City Sister Silver is wildly meandering, but in a good way. Stream-of-consciousness and mythological storytelling predominate. The prose often reads like poetry. Potok tells his pseudodroogs of a drug-induced dream he had in which they were all taken on a tour of an otherworldly Auschwitz. He recalls his time in Berlin as a "Kanak," a member of an international underclass that moved in a parallel universe of drugs, dingy apartments, snuff films, police, and a garbled lingua franca made up of myriad tongues from all over the world. Language and society build upon each other, and Topol's frenzied, chaotic narrative is inseperable from the social anarchy that reigned during and shortly after Czechoslavakia's Velvet Revolution. City Sister Silver is also a highly personal, individualized book whose protagonist adds an intensely human element to a tumultuous setting where other characters seem interchangeable, nothing in byznys or politics is certain, and language is up in the air. Potok may not be the most reliable narrator, but he is sympathetic, a romantic, a drinker, and easy to identify with in his ongoing quest for love and a soulmate.
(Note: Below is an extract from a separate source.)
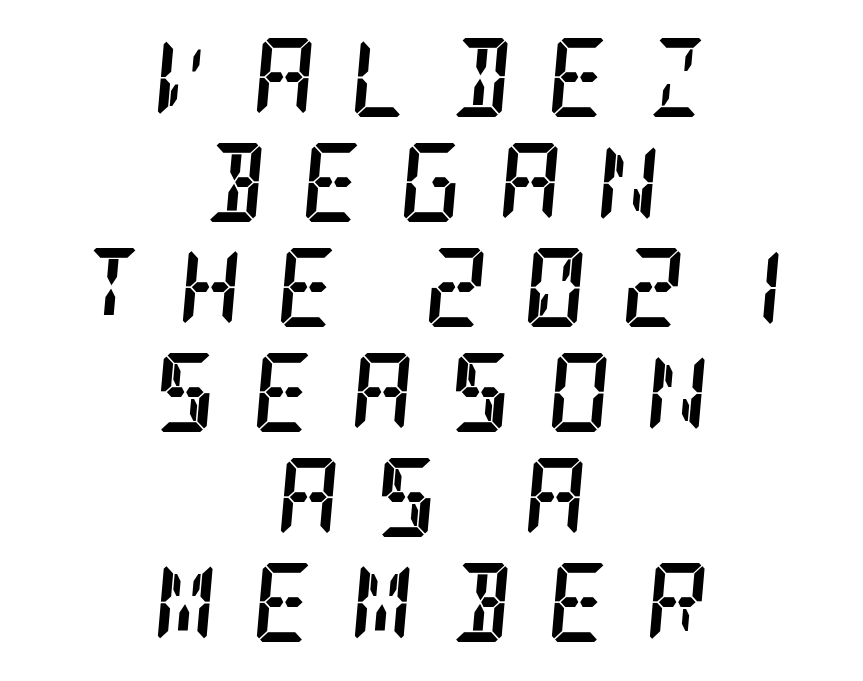
The image shows 79 px semibold, condensed serif type, italic (leaning right); set centered, normal line spacing (1.33x), unusually wide letter spacing (+0.43 em), not underlined; low stroke contrast and a large x-height.

In my favorite passage, he imagines himself and Černá as a pair of wolves fleeing abuse:
…my loved one was a bee and a butterfly and knew how to cut with her claws and her tongue, and I tried too … we learned from each other what was good for the other, and that made both of us stronger … running, and the earth turned beneath us, running by graves and leaping across them, avoiding the bones and glassy stares and empty eyesockets … of wolf skulls … and steering clear of traps and snares, we had experience … with falling stakes and poisoned meat … we made it without harm through the red pack's territory … and met the last of the white wolves, they were wracked with disease … and the big black wolves chased us, but we escaped … we, the gray wolves of the Carpathians, had an age-old war with them, they were surprised we fled, their jaws snapping shut on empty air, they had a hunch it was their turn next, the helicopters were on the way … we ran side by side, our bodies touching … running over the earth as it turned, with the wind whistling in our ears like a lament for every dead pack … and the clicking of our claws made the earth's motion accelerate … we ran over the earth, a mass grave, running away …
Although City Sister Silver is full of beautiful moments such as this, it also drags at times and the jumbled plot can be more annoying than artistic at times. But Jáchym Topol's groundbreaking novel is highly recommended as both a creative achievement and a window into a culture and a time in history. Reading City Sister Silver is also a strongly subjective experience and I am eager to know how others will interpret it and what components of the narrative will stand out to them.

***
Lost in Translation Challenge Update

Again, I just found out about the this challenge so here is a list of what I've read so far that qualifies:

Christian Jungersen,
The Exception (Danish)
Jakov Lind, Landscape in Concrete (German)
Ilja Pfeijffer, Rupert: A Confession (Dutch)
Mercè Rodoreda, Death in Spring (Catalan)
Jáchym Topol,
City Sister Silver (Czech)

I do have The Angel's Game on my Chunkster list, but the sixth book may well be something else. Depends if I've asked for another ARC from Open Letter Press (don't remember if I did).